▸ Stored data:
=== Section Start ===

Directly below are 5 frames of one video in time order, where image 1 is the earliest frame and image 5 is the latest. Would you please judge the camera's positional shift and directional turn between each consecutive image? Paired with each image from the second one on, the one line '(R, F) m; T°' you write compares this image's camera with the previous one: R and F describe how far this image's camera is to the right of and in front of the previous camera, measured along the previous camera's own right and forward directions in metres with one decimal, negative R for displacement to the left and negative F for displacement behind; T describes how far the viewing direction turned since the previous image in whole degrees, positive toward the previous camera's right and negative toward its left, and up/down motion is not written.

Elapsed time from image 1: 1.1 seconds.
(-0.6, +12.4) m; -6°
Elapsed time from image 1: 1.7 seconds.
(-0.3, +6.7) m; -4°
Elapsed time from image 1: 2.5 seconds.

=== Section End ===
=== Section Start ===

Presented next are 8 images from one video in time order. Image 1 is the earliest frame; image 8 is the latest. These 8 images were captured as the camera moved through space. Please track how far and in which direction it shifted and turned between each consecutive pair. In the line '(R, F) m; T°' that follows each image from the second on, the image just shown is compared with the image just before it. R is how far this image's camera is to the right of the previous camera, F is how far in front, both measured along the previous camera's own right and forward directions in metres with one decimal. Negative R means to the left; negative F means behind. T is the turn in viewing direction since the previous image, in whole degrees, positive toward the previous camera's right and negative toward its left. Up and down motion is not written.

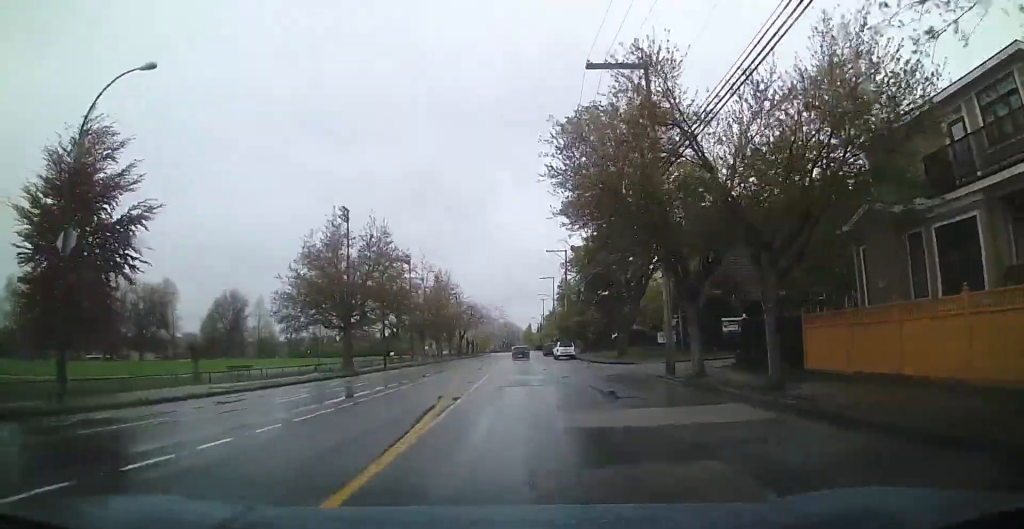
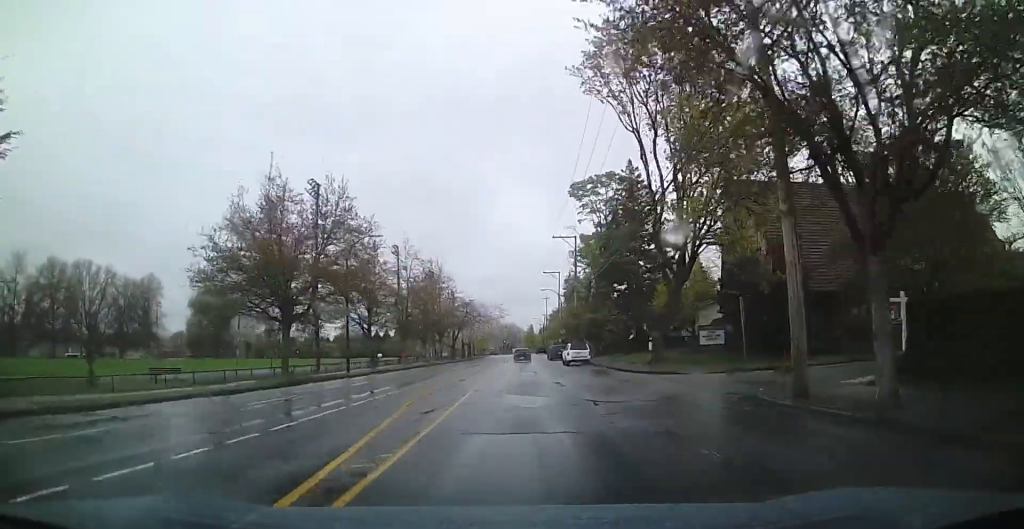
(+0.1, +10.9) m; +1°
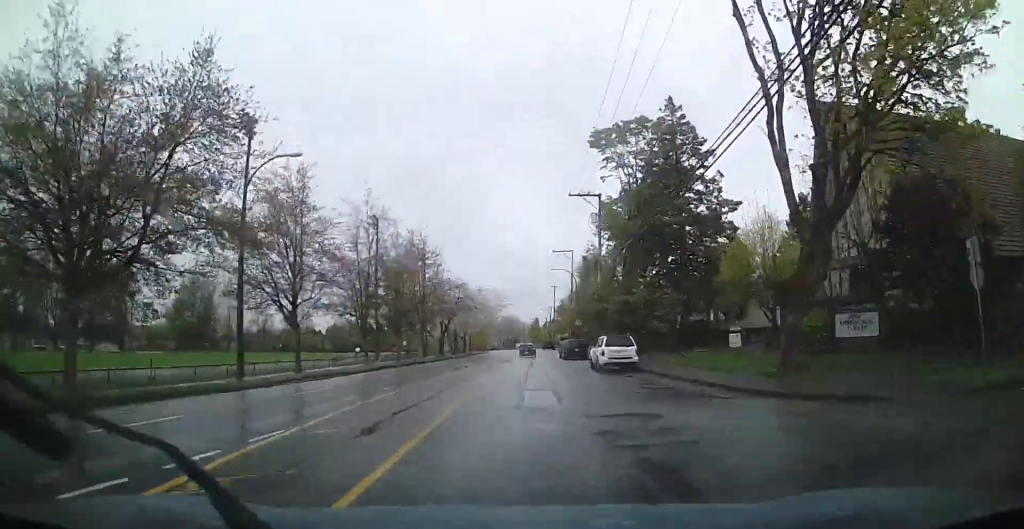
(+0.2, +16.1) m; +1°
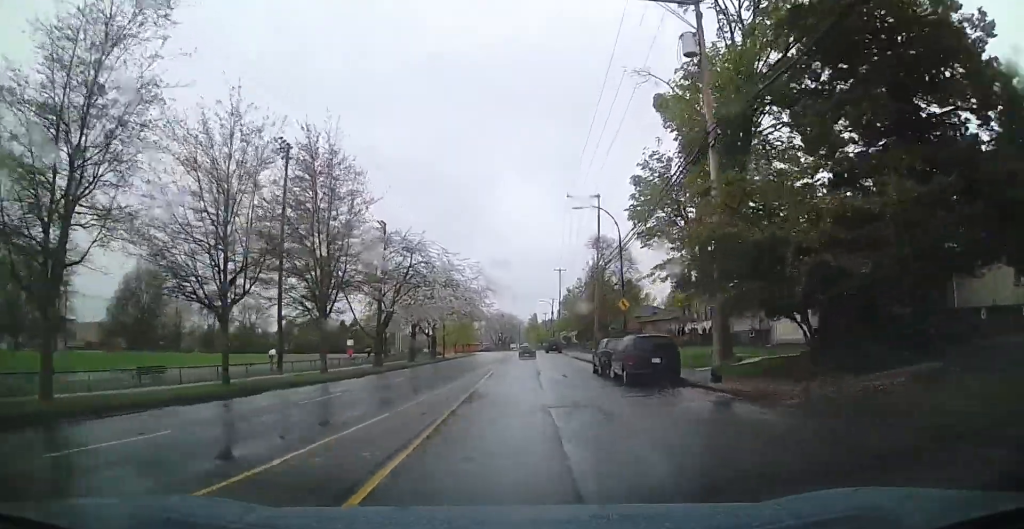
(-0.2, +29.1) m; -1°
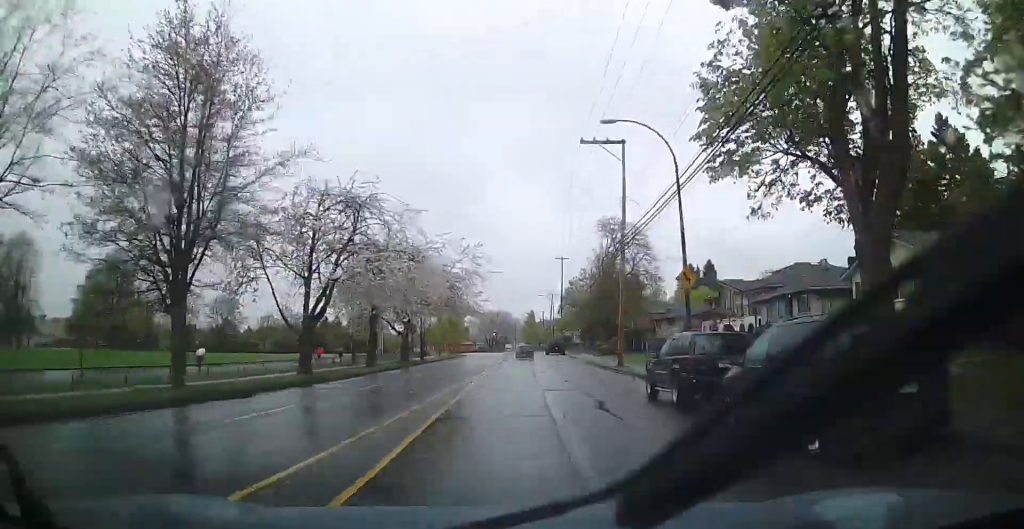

=== Section End ===

▸ What the task asks: Reproduce the lines of the entries above from the one with "Directly below are" to the one with "Elapsed time from image 1: 2.5 seconds.", both included, exactly and without any other line.

▸ Your response:
Directly below are 5 frames of one video in time order, where image 1 is the earliest frame and image 5 is the latest. Would you please judge the camera's positional shift and directional turn between each consecutive image? Paired with each image from the second one on, the one line '(R, F) m; T°' you write compares this image's camera with the previous one: R and F describe how far this image's camera is to the right of and in front of the previous camera, measured along the previous camera's own right and forward directions in metres with one decimal, negative R for displacement to the left and negative F for displacement behind; T describes how far the viewing direction turned since the previous image in whole degrees, positive toward the previous camera's right and negative toward its left, and up/down motion is not written.

Elapsed time from image 1: 1.1 seconds.
(-0.6, +12.4) m; -6°
Elapsed time from image 1: 1.7 seconds.
(-0.3, +6.7) m; -4°
Elapsed time from image 1: 2.5 seconds.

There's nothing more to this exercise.